Le ton de Karl est sec, il accélère encore son pas.
Sans l’écouter, Émi se tourne de nouveau vers Shana et ralentit le sien pour se rapprocher.
— Tu es célibataire, non ?
Émi prend soudain la main de Shana, le geste est ferme, sec, légèrement douloureux.
— Tu ne cherches pas un petit ami, par hasard ?
Émi fixe Shana. Un regard insistant, perçant.
— Mon frère est célibataire et très gentil.

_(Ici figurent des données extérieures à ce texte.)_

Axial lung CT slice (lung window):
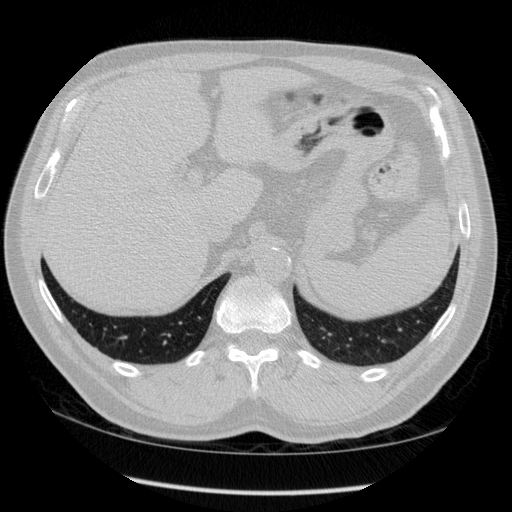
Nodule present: no

D’un regard, Shana fixe fermement Émi. D’un geste maîtrisé, elle retire sa main de la prise.
— Je ne le connais pas assez et reste sur tes gardes !
— Moi, je sais que vous feriez un beau couple.
— Je ne cherche pas de petit ami !
— Tu devrais y réfléchir, Alain est un homme fantastique !
— Une attaque peut surgir n’importe quand, reste attentive.
Alain se rapproche soudain de Shana par la gauche en ajustant aussi sa vitesse.
— Tu vas nous protéger, pas vrai ?
— Je ferai de mon mieux, mais je ne suis pas infaillible.
— Alors, et pour ce qui est de sortir avec mon frère ?
La voix d’Émi est dynamique, son pas de côté presque dansant.
— J’ai déjà dit non.
— D’accord, mais si tu changes d’avis, viens me voir.
— Arrêtez de jacasser, on perd du temps !
L’intonation de Karl est agressive et son pas ne ralentit jamais.
Malgré mes différents hôtes, mes sentiments restent assez neutres.
Il m’est cependant agréable de voir le monde depuis les sens de Mizuki, Michel et Shana.
En fait, chaque personne m’apportent des sensations uniques, mais…
Ils sont ceux qui ont pour le moment mes préférences.
Doucement, Alain s’approche très près de Shana et chuchote alors qu’Émi s’éloigne vers Karl.
— Désolé pour ma sœur, elle n’est pas méchante, elle voulait être danseuse.
— Ne t’en fais pas, je l’ai bien compris.
— Tu sais, on n’a pas eu une enfance facile…
Alain soupire lentement, ses épaules s’affaissent légèrement.
— Notre mère exerce une activité, disons… peu orthodoxe.
— Je comprends…
— Émi à souvent vu les activités de notre mère, du coup, elle s’est juré de trouver un mari riche.
— Ce n’est pas la solution, mais je ne critique pas.
— Moi, je compte devenir chercheur en histoire, pas sur le terrain par contre.
— J’avais compris.
— De ce que je sais de Karl, je crois que sa petite sœur souffre d’une maladie grave.
— Oui, je sais, Lili c’est le prénom qu’il répète parfois en dormant.
— Merci de te préoccuper de nous, malgré la fatigue des gardes successive.
Ses sensations s’effacent et mes perceptions se connectent aux sens de Michel.